(TASK MATERIAL)

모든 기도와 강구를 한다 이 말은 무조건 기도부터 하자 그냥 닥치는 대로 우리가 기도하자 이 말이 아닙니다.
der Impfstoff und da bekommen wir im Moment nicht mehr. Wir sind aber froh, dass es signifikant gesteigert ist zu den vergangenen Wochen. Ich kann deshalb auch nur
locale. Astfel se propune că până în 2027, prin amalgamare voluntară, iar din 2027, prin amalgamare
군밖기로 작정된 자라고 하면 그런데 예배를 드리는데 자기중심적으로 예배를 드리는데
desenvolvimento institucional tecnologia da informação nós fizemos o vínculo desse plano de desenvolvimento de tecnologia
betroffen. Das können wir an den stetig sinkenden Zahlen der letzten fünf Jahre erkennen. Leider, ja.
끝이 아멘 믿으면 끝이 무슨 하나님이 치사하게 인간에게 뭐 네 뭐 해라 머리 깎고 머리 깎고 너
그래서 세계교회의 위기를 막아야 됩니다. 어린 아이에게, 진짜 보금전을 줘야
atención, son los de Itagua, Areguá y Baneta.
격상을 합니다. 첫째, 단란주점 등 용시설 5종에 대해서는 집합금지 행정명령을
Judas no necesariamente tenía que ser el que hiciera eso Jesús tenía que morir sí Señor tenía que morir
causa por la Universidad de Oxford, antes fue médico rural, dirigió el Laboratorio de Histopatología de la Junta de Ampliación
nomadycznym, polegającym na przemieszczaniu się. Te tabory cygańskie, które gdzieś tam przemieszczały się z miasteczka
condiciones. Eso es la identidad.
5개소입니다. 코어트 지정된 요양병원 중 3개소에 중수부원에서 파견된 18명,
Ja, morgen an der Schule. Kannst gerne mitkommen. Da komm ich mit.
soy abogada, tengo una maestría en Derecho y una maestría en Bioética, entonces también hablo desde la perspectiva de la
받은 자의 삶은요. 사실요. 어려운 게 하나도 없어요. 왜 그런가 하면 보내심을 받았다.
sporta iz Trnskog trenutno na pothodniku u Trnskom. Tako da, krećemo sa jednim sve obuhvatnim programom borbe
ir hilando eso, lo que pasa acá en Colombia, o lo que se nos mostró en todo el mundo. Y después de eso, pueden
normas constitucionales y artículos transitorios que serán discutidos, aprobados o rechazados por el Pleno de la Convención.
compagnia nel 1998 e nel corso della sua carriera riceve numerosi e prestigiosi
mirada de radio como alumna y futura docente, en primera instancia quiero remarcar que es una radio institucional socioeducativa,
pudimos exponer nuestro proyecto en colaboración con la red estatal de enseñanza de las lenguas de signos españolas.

(End TASK MATERIAL)

Copy each line of the records that contains the word "institucional".

desenvolvimento institucional tecnologia da informação nós fizemos o vínculo desse plano de desenvolvimento de tecnologia
mirada de radio como alumna y futura docente, en primera instancia quiero remarcar que es una radio institucional socioeducativa,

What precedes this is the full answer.